Objective To analyze the effects of different water treatments on the growth of resistant tree species Lagerstroemia speciosa, explore the response mechanism of morphological traits of L. speciosa, and provide a theoretical basis for the selection and water management of resistant landscape tree species.

Method Using the one-year-old seedlings of L. speciosa as materials, a 30-day water stress experiment was conducted by setting up four types of water treatments, drought (DR), waterlogging (WL), waterlogging-drought alternating (WD), and control (normal water supply, CK). Subsequently, the water stress was relieved and the soil moisture in the DR, WL and WD treatments was maintained at the CK level for a 30-day recovery period of growth. The leaf traits, root traits and biomass indicators of plants after water stress and relief were measured.

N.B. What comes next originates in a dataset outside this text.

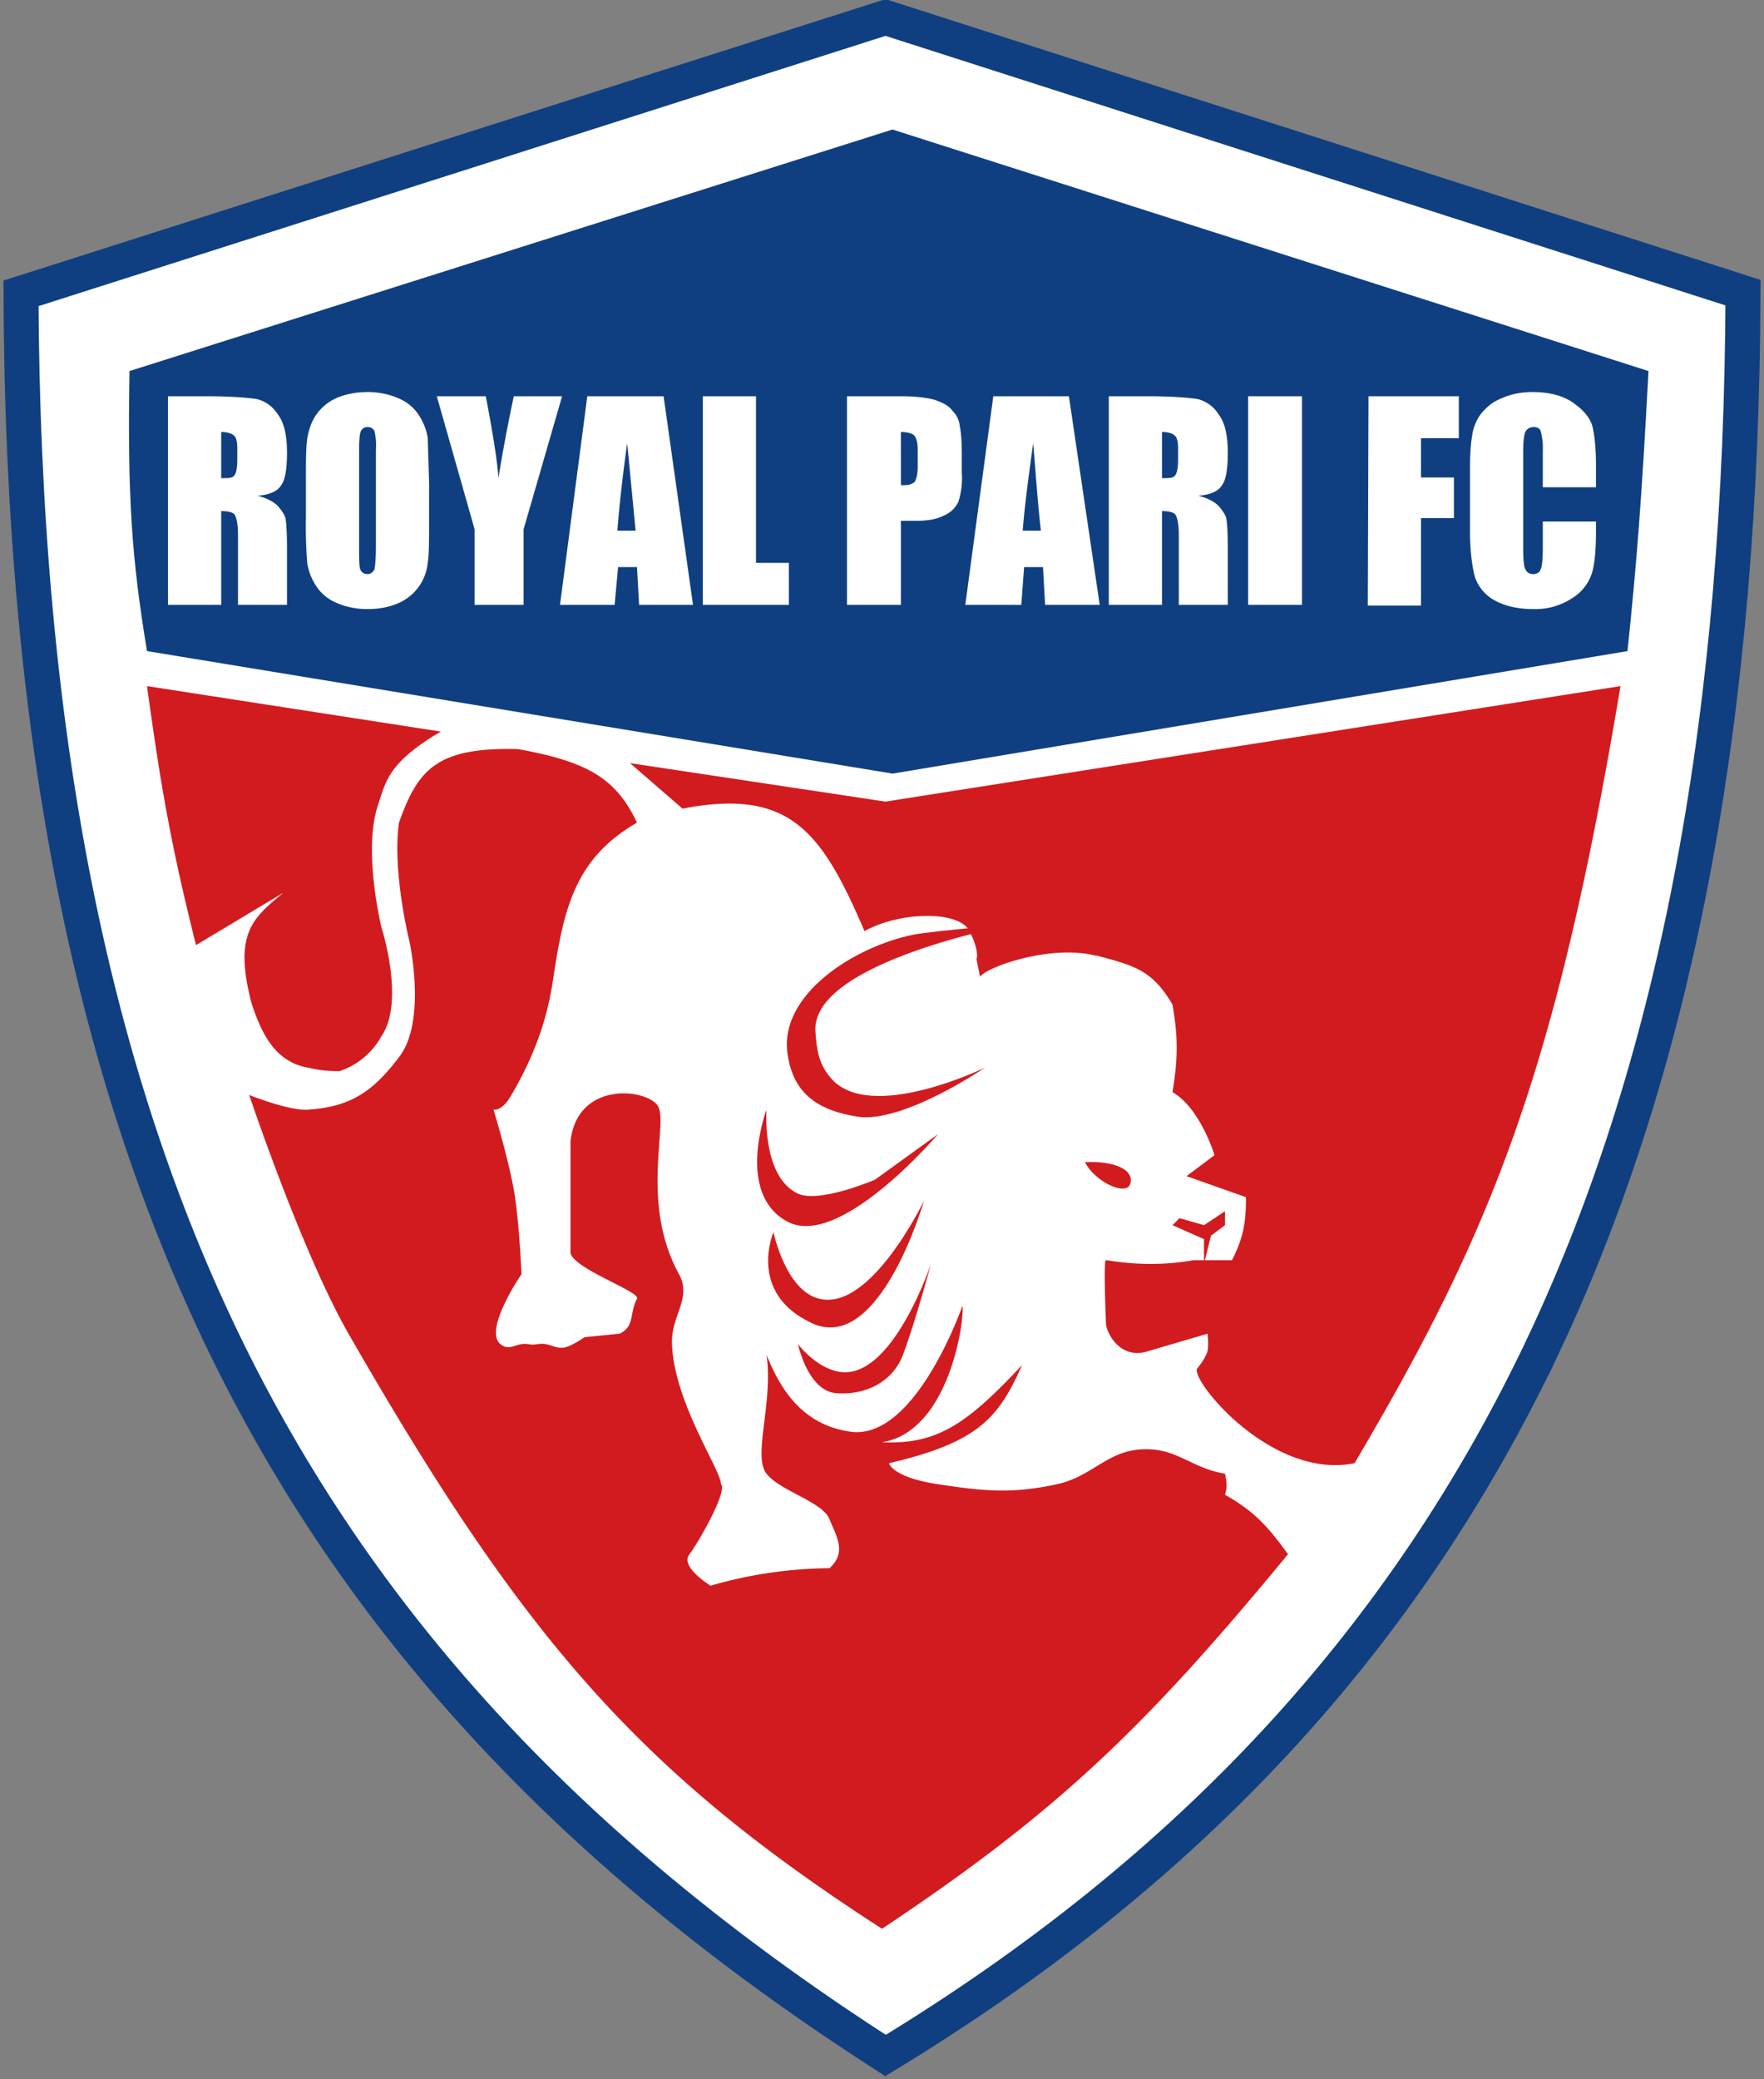 <svg fill="none" height="297" width="252" xmlns="http://www.w3.org/2000/svg"><rect width="100%" height="100%" fill="#808080" stroke="none"/><path d="m220.5 192.1c-19.6 41.4-50 74.8-94 101.5-42-27-72.7-58.4-93-98.7-20.3-40.4-30.3-90-30.5-153l123.5-39.4 122.5 39.3c-.2 59.2-9 108.9-28.5 150.3z" fill="#fff" stroke="#0f3f81" stroke-width="5"/><path d="m127.5 18.5-109 34.5c-.3 18 .3 26.7 2.5 40l106.5 17.5 105-17.5c1.3-12.5 2-21.2 3-40z" fill="#0f3f81"/><g fill="#d21b1f"><path d="m172 177v3.5l1-4 2-1.5v-2l-3 2-3.5-1-1 1zm-49.5-17.5c6.5 1 18.2-7 18.2-7s-16.4 8-22 1.5c-1.7-2-2-3.8-2.2-6.5-1-10.1 28.5-15.5 28.5-15.5s-11.2.9-14.5 1.5c-8.4 1.7-19.2 8.5-18 17 .8 5.7 4.3 8.1 10 9z"/><path d="m171 195.5c-.8 1.8 10.7 15.9 22.5 13.5 19.7-33.3 28.8-56 38-111l-105 16.5-36.5-5.5 7.5 6.5c15.2-2.9 19.8 3 26 17.5 5-2.8 13.5-3 15 0s1 4 1 4l.5 2.5c1.2-1.5 10.2-4.6 16.5-3h.2c5.2 1.4 7.9 2 10.8 7 .8 4.7.8 7.5 0 12.5 4 2.3 6 9 6 9l-4 3 8.5 3c0 4-.5 6-2 9h-5.5c-6.6 1.2-12.1 0-12.5 0s0 9 0 9c0 1.3 2 5.3 6 4l8.5-2.5s.2 1.6 0 2.5c-.3 1.1-1.5 2.5-1.5 2.5zm-97-88.5c10 1.8 14 4.2 17 10.5-9 5.2-10.5 12.5-12 22.5-1 6.7-3.3 11.9-6 16.5-1.3 2.3-2.5 2-2.5 2s2.2 7.2 3 12c.7 4.4 1 11.5 1 11.5s-5.5 8-3 10c1.4 1.1 2.2-.3 4 0 1 .2 1.5-.2 2.5 0s1.5.6 2.5.5c1.2-.2 3-1.5 3-1.5l5-.5c2.2-1 1.4-2.9 2.5-5 .5-1-8.9-4.2-9.5-6.5v-16c1-8.7 11-7.5 12.5-5s-2.6 13.8 3 24c1.9 3.4-1.2 6-1 10 .3 8.3 7 18 7 20 1 1-3.4 8.6-4.5 10s1.2 3.3 3 4.5a62.4 62.4 0 0 1 17-2.5c2.5-2.3 1-4.5 0-7s-7-4-9-6.5 1-10.3 0-17c2.3 5.8 5.7 10.1 12 11 9.3 1.3 16-18 16-18 .3 2.1-1.9 18-11.5 19.5 8 .4 12.3-2.8 20-11-3.3 7.4-6.1 11-19 14 0 0 .4 2 7 3s10.5 1.4 17 0c5.1-1.1 7.2-4.9 12.5-5 4.7-.1 6.7 2.7 11.5 3.5.3 1.4.3 2 0 3 4 2.3 5.9 4.2 9 8.5-20.6 25-33.2 37-58 53.5-34.7-22.4-51.3-41.5-76.5-85.5-6.6-11.8-13.9-33.6-13.9-33.6l-.1-.4.1.4s5.7 2.3 8.4 2.1c6.1-.4 9.3-2.6 13-7.5 4-5.1 1.5-16.5 1.5-16.5s-2.5-10-1.5-17c2.7-7.6 5.4-10.8 17-10.5z"/><path d="m28 135c-3.6-14.4-5-22.5-7-37l42 6.5s-3.7 2-6 4.5c-1.8 2-2.2 3.5-3 6-2.2 6.5.5 17.5.5 17.5s3.4 10.5 0 15.5a10.7 10.7 0 0 1 -6 5c-1.7 0-2.7-.1-4.5-.5a7.9 7.9 0 0 1 -3.5-1.5c-2.3-1.7-3.6-4.8-4.5-7.5 0 0-1.4-4.7-1-8 .4-3.8 2.5-5.5 5.5-8zm127 31c1.4 2.8 6 5 6.5 3s-2.5-3.2-6.5-3zm-35.5 33c-4.1-.3-5.5-7-5.5-7s3.2 4.2 7 4c7-.4 12-15.5 12-15.5s-2.2 8.2-4 13c-1.5 4-5.5 5.8-9.5 5.5z"/><path d="m116 189c-9.3-4.3-5.5-13-5.5-13s1.7 8.3 6.5 9.5c7.4 1.9 15-14 15-14s-6.3 22-16 17.5z"/><path d="m112.5 174.5c-7.5-4-3-16-3-16s-.7 9.6 4.5 12c3.1 1.4 11-2 11-2l9-6.5s-14 16.5-21.5 12.5z"/></g><path d="m24 56.6h5.4c3.6 0 6 .2 7.3.4a5 5 0 0 1 3 2.2c.9 1.2 1.3 3 1.3 5.5 0 2.4-.3 4-.9 4.7-.5.8-1.7 1.3-3.3 1.4 1.5.4 2.5 1 3 1.6s.9 1.2 1 1.7c.1.6.2 2 .2 4.4v7.9h-7v-10c0-1.5-.2-2.5-.5-2.9-.2-.3-.9-.5-1.9-.5v13.4h-7.6zm7.6 5.1v6.6c.9 0 1.5 0 1.8-.3s.5-1 .5-2.4v-1.6c0-1-.2-1.6-.5-1.8-.3-.3-1-.5-1.8-.5zm29.7 12.3c0 3 0 5.2-.2 6.4a7 7 0 0 1 -4.3 5.8c-1.2.5-2.6.8-4.3.8-1.6 0-3-.3-4.2-.8-1.3-.5-2.3-1.3-3-2.3s-1.2-2.2-1.4-3.4a64 64 0 0 1 -.2-6.5v-5c0-3 0-5.1.2-6.4.2-1.2.6-2.4 1.3-3.4a7 7 0 0 1 3-2.4c1.2-.5 2.7-.8 4.3-.8s3 .3 4.2.8c1.3.5 2.3 1.3 3 2.3s1.2 2.2 1.4 3.4l.2 6.5zm-7.6-9.7a9 9 0 0 0 -.2-2.7c-.2-.4-.5-.6-1-.6a1 1 0 0 0 -.9.5c-.2.3-.3 1.2-.3 2.8v13.9c0 1.7 0 2.8.2 3.2s.5.6 1 .6.8-.3 1-.7c.1-.5.2-1.6.2-3.4zm26.6-7.7-5.5 19v10.8h-7v-10.8l-5.4-19h7c1.1 5.8 1.7 9.7 1.8 11.7.5-3.1 1.2-7 2.2-11.7zm14.5 0 4.2 29.8h-7.7l-.3-5.4h-2.7l-.5 5.4h-7.8l3.9-29.8zm-4 19.2-1.2-12.5c-.8 5.7-1.2 9.8-1.4 12.5zm17.2-19.2v23.8h4.7v6h-12.3v-29.8zm13 0h7.7c2 0 3.7.2 4.8.5 1.1.4 2 .8 2.5 1.5.6.6 1 1.3 1.1 2.2.2 1 .3 2.3.3 4.1v2.6a11 11 0 0 1 -.5 4.2 4 4 0 0 1 -2.2 2c-1 .5-2.3.7-4 .7h-2v12h-7.7zm7.7 5.1v7.6h.5c.7 0 1.2-.2 1.5-.5.2-.4.4-1 .4-2.2v-2.4c0-1-.2-1.7-.5-2s-1-.5-2-.5zm24-5.1 4.4 29.8h-7.8l-.3-5.4h-2.7l-.4 5.4h-8l4-29.8zm-4 19.2c-.4-3.4-.7-7.6-1.1-12.5-.8 5.7-1.3 9.8-1.5 12.5zm9.7-19.2h5.4c3.6 0 6 .2 7.3.4a5 5 0 0 1 3 2.2c.9 1.2 1.3 3 1.3 5.5 0 2.4-.3 4-.9 4.7-.5.8-1.7 1.3-3.3 1.4 1.5.4 2.5 1 3 1.6s.9 1.2 1 1.7c.1.6.2 2 .2 4.4v7.9h-7v-10c0-1.5-.2-2.5-.5-2.9-.2-.3-.9-.5-1.9-.5v13.4h-7.6zm7.6 5.1v6.6c.9 0 1.5 0 1.8-.3s.5-1 .5-2.4v-1.6c0-1-.2-1.6-.5-1.8-.3-.3-1-.5-1.8-.5zm20-5.1v29.8h-7.7v-29.8zm9.5 0h12.9v6h-5.4v5.6h4.7v5.8h-4.7v12.5h-7.6zm32.5 13h-7.6v-5.2a9 9 0 0 0 -.3-2.8c-.1-.4-.5-.6-1-.6-.6 0-1 .3-1.2.7-.2.5-.3 1.4-.3 3v13.8c0 1.4.1 2.4.3 2.8s.5.7 1.1.7 1-.3 1.1-.7c.2-.4.3-1.5.3-3.1v-3.7h7.6v1.1c0 3.1-.2 5.3-.7 6.6a6.6 6.6 0 0 1 -2.8 3.3 9.5 9.5 0 0 1 -5.4 1.5c-2.2 0-4-.4-5.5-1.2a6 6 0 0 1 -2.9-3.4c-.4-1.5-.7-3.7-.7-6.6v-8.7c0-2.1.1-3.7.3-4.8.1-1 .5-2.1 1.2-3.1.8-1 1.7-1.8 3-2.3 1.3-.6 2.8-.9 4.4-.9 2.2 0 4 .4 5.5 1.3 1.5 1 2.5 2 3 3.3.4 1.3.6 3.4.6 6.2z" fill="#fff"/></svg>

Result Total leaf areas of L. speciosa significantly decreased at the end of DR, WD stress and at the end of recovery after WL stress compared with CK. Leaf tissue densities of the three water stress treatments were significantly higher at the end of stress compared to CK, and specific leaf areas were significantly lower at the end of recovery. Compared with CK, the WL and WD treatments increased the rates of fine root length and the rates of fine root surface area at the end of stress. At the end of recovery, the rates of fine root surface area were higher in the DR, WL and WD treatments by 9.59%, 12.42%, and 13.57%, respectively, compared to CK. At the end of stress and recovery, the specific root length and specific root surface area in WL treatment was significantly higher compared to CK. At the end of stress, plants under the three water stress treatments increased biomass allocations to stems, and WL treatment plants grew adventitious roots that accounted for 26.95% of total root biomass. Under DR treatment, the root biomass allocation at the end of stress and recovery significantly increased, and the root-shoot ratio increased by 40.93% and 70.06% respectively, compared to their own CK. Correlation analysis showed that there was a trade-off relationship among leaf traits and root traits respectively. Root length, root surface area, and leaf tissue density were significantly positively correlated, and root growth had a positive effect on the leaf tissue density.

Conclusion There is a certain correlation between leaf and root traits. Short term water stress can promote the root growth of L. speciosa seedlings, making them better adapt to the complex and varied water environment of urban landscaping and green spaces.